The U.S. Department of Labor is committed to informing labor policies and programs with rigorous, transparent, and independent research and data. The Foundations for Evidence-Based Policymaking Act of 2018 (Evidence Act) requires the Department to publicly describe future plans and current capacity to conduct evidence-building activities across three reports: an Annual Evaluation Plan, an Evidence-Building Plan, and a Capacity Assessment for Research, Evaluation, Statistics, and Analysis.

Annual Evaluation Plan

To support the Department’s agencies in making evidence-informed decisions to support America’s workers, the Chief Evaluation Office (CEO) works with leaders and staff across the Department to develop an annual evaluation plan targeting evaluation resources on areas of strategic importance. The plan describes significant evaluation activities that the Department of Labor will sponsor in the upcoming fiscal years, though is not necessarily exhaustive of all evaluations sponsored by the Department during that time period.

Previous Plans

Evidence-Building Plan

The Evidence-Building Plan, also referred to as a “learning agenda” in the Evidence Act, is a systematic plan for identifying and addressing priority questions relevant to improving the programs, policies, and regulations of the Department. The four-year plan prioritizes important short- and long-term strategic and operational questions and describes potential approaches for developing new credible information to answer the questions. The Department is currently developing its Fiscal Years 2022-2026 Evidence-Building Plan, which will be published with the Department’s Strategic Plan in February 2022.

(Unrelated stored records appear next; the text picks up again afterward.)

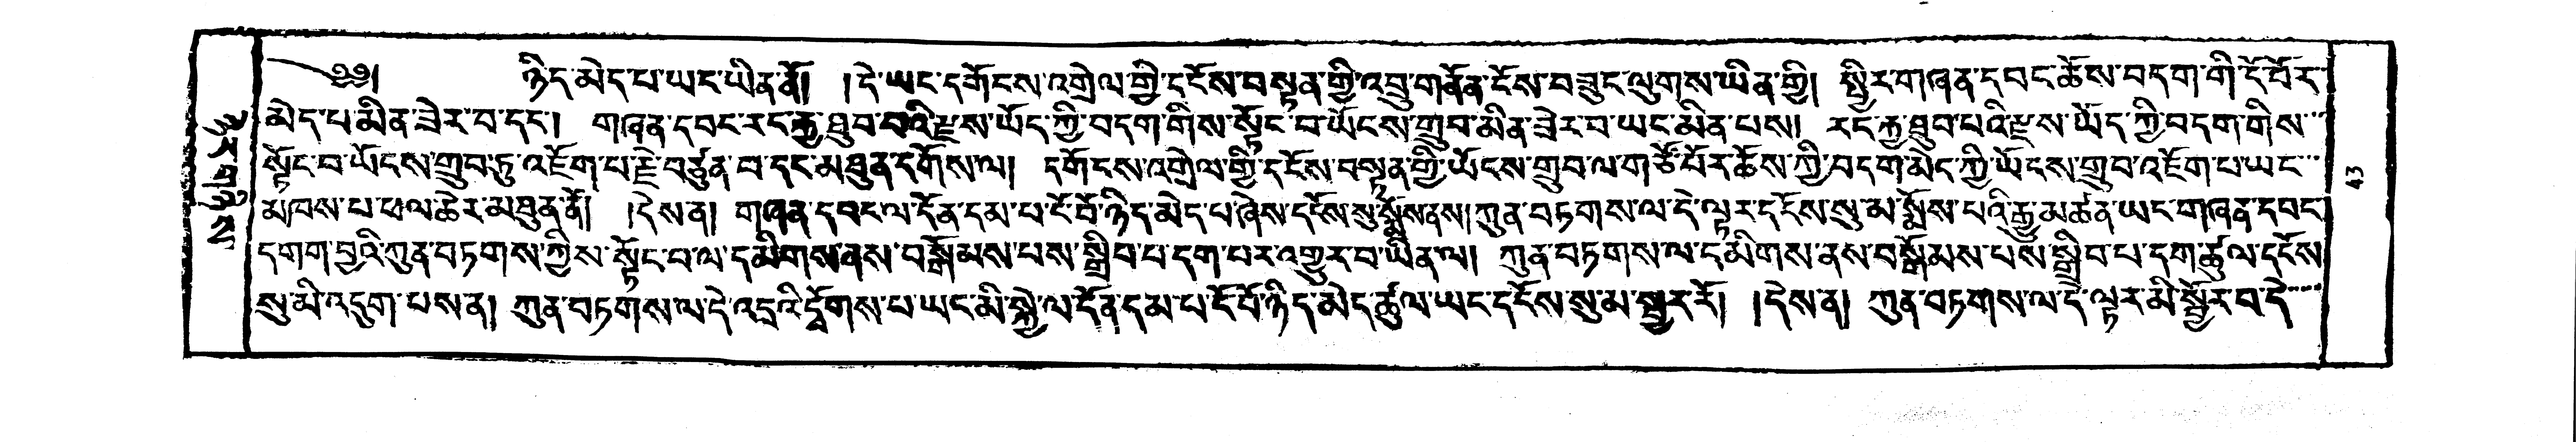༄༅། །ཉིད་མེད་པ་ཡང་ཡིན་ནོ། །དེ་ཡང་དགོངས་འགྲེལ་གྱི་དངོས་བསྟན་གྱི་འབྲུ་གནོན་ངོས་བཟུང་ལུགས་ཡིན་གྱི། སྤྱིར་གཞན་དབང་ཆོས་བདག་གི་ངོ་བོར་
མེད་པ་མིན་ཟེར་བ་དང་། གཞན་དབང་རང་རྐྱ་ཐུབ་པའི་རྫས་ཡོད་ཀྱི་བདག་གིས་སྟོང་བ་ཡོངས་གྲུབ་མིན་ཟེར་བ་ཡང་མིན་པས། རང་རྐྱ་ཐུབ་པའི་རྫས་ཡོད་ཀྱི་བདག་གིས་
སྟོང་བ་ཡོངས་གྲུབ་ཏུ་འཇོག་པ་རྗེ་བཙུན་བ་དང་མཐུན་དགོས་ལ། དགོངས་འགྲེལ་གྱི་དངོས་བསྟན་གྱི་ཡོངས་གྲུབ་ལ་གཙོ་བོར་ཆོས་ཀྱི་བདག་མེད་ཀྱི་ཡོངས་གྲུབ་འཇོག་པ་ཡང་
མཁས་པ་ཕལ་ཆེར་མཐུན་ནོ། །དེས་ན། གཞན་དབང་ལ་དོན་དམ་པ་ངོ་བོ་ཉིད་མེད་པ་ཞེས་དངོས་སུ་སྨོས་ནས། ཀུན་བཏགས་ལ་དེ་ལྟར་དངོས་སུ་མ་སྨོས་པའི་རྒྱུ་མཚན་ཡང་གཞན་དབང་
དགག་བྱའི་ཀུན་བཏགས་ཀྱིས་སྟོང་བ་ལ་དམིགས་ནས་བསྒོམས་པས་སྒྲིབ་པ་དག་པར་འགྱུར་བ་ཡིན་ལ། ཀུན་བཏགས་ལ་དམིགས་ནས་བསྒོམས་པས་སྒྲིབ་པ་དག་ཚུལ་དངོས་
སུ་མི་འདུག་པས་ན། ཀུན་བཏགས་ལ་དེ་འདྲའི་དྭོགས་པ་ཡང་མི་སྐྱེ་ལ་དོན་དམ་པ་ངོ་བོ་ཉིད་མེད་ཚུལ་ཡང་དངོས་སུ་མ་སྦྱར་རོ། །དེས་ན། ཀུན་བཏགས་ལ་དེ་ལྟར་མི་སྦྱོར་བ་དེ་

Capacity Assessment for Research, Evaluation, Statistics, and Analysis

The Evidence Act requires the Department to submit a Capacity Assessment for Research, Evaluation, Statistics, and Analysis every four years with its strategic plan. The Capacity Assessment provides the Department with a baseline to measure future improvements to coverage, data quality, evidence-building methods, effectiveness, and independence of their statistics, evaluation, research, and analysis activities. The Department is currently developing its Fiscal Years 2018-2022 Capacity Assessment, which will be published here in February 2022.

While each of the three evidence documents has a distinct purpose and use, developed individually, taken together, they provide the rigor, transparency, relevance, ethics, and independence that the Department has committed to in its longstanding Evaluation Policy.